LLMs don't always follow instructions. The parser handles this with a fallback chain. Be sure to use error handling like so since an LLM's output is non-deterministic:

```python
def _parse_action(self, response: str, options: Dict[str, str]) -> str:
response = response.strip()

# 1. Exact number match ("1" → first option)
if response in options:
return options[response]

# 2. Exact command match (case-insensitive)
for cmd in options.values():
if response.lower() == cmd.lower():
return cmd

# 3. Substring match (response contains the command)
for cmd in options.values():
if cmd.lower() in response.lower():
return cmd

# 4. Word overlap (most words in common)
response_words = set(response.lower().split())
best_match, best_score = None, 0
for cmd in options.values():
cmd_words = set(cmd.lower().split())
overlap = len(response_words & cmd_words)
if overlap > best_score:
best_match, best_score = cmd, overlap

if best_match and best_score > 0:
return best_match

raise RuntimeError(f"Could not parse action from: {response}")
```

This handles everything from "1" to "I'll go north" to "take the shiny brass lamp" when the command is "take lamp."

## Results:

With GPT-4o-mini and 3 steps of history, the agent solves simple TextWorld quests (finding and collecting objects) as expected.
The random baseline does not work well by contrast, and also as expected.

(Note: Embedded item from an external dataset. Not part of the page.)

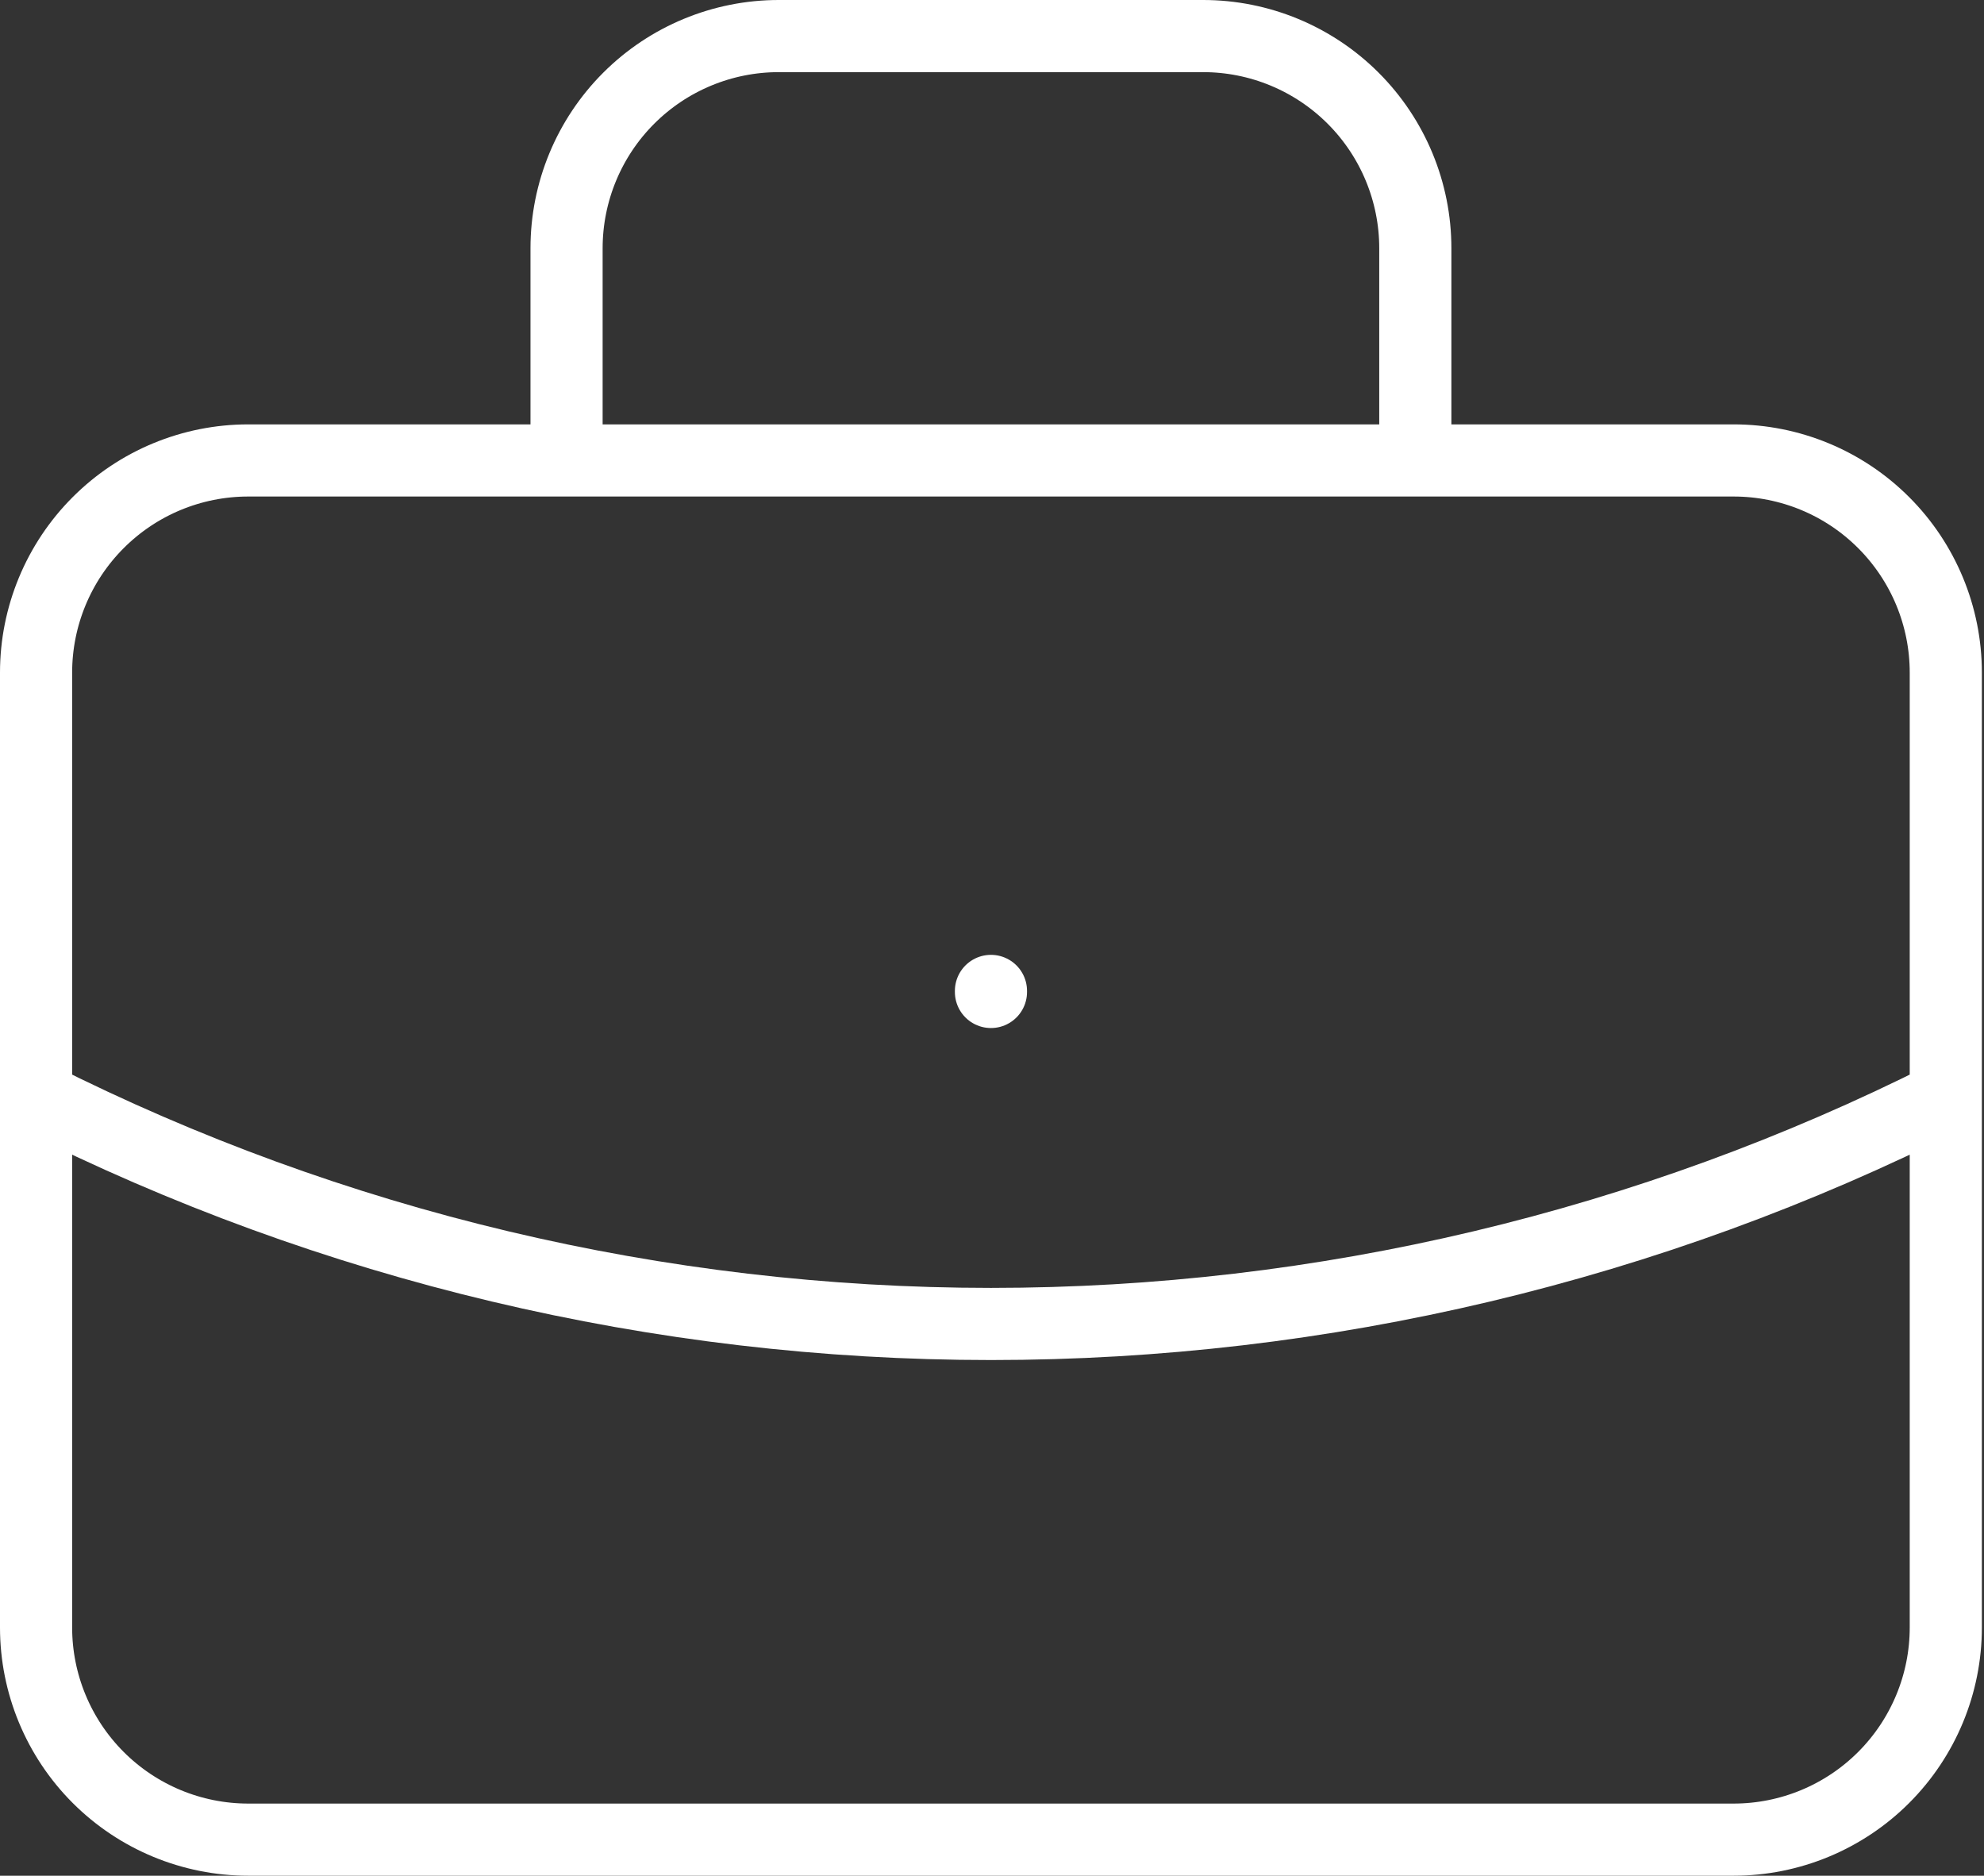 <svg width="55" height="52" viewBox="0 0 55 52" fill="none" xmlns="http://www.w3.org/2000/svg">
<rect x="0" y="0" width="55" height="52" fill="#333333" stroke="none"/>
<path d="M15.706 12.765V6.882C15.706 5.322 16.326 3.826 17.429 2.723C18.532 1.62 20.028 1 21.588 1H33.353C34.913 1 36.409 1.62 37.512 2.723C38.615 3.826 39.235 5.322 39.235 6.882V12.765M27.471 27.471V27.5M1 30.412C9.211 34.549 18.277 36.704 27.471 36.704C36.665 36.704 45.731 34.549 53.941 30.412M1 18.647C1 17.087 1.62 15.591 2.723 14.488C3.826 13.384 5.322 12.765 6.882 12.765H48.059C49.619 12.765 51.115 13.384 52.218 14.488C53.321 15.591 53.941 17.087 53.941 18.647V45.118C53.941 46.678 53.321 48.174 52.218 49.277C51.115 50.38 49.619 51 48.059 51H6.882C5.322 51 3.826 50.38 2.723 49.277C1.62 48.174 1 46.678 1 45.118V18.647Z" stroke="white" stroke-width="2" stroke-linecap="round" stroke-linejoin="round"/>
</svg>

More importantly, the framework makes experimentation easy:
- Swap `objective_mode: explicit` for `objective_mode: abstract` to see how agents handle vague goals
- Change `history_length` to test memory requirements
- Compare local models vs. cloud APIs
- Collect trajectory data for fine-tuning later

## Some Takeaways

Some notes that I would like to share. These are pretty obvious, but are still good to note since they pop up in some form or another when I build new AI Agents:

**1. Type safety matters.** Preemptively catch bugs and verify your LLM's outputs.

**2. LLMs are capable reasoners.** With good prompts and constrained action spaces, off-the-shelf models can play games competently.

**3. Design for experimentation.** YAML configs, factory patterns, and clean interfaces mean you can iterate quickly. In general, just always try to move fast.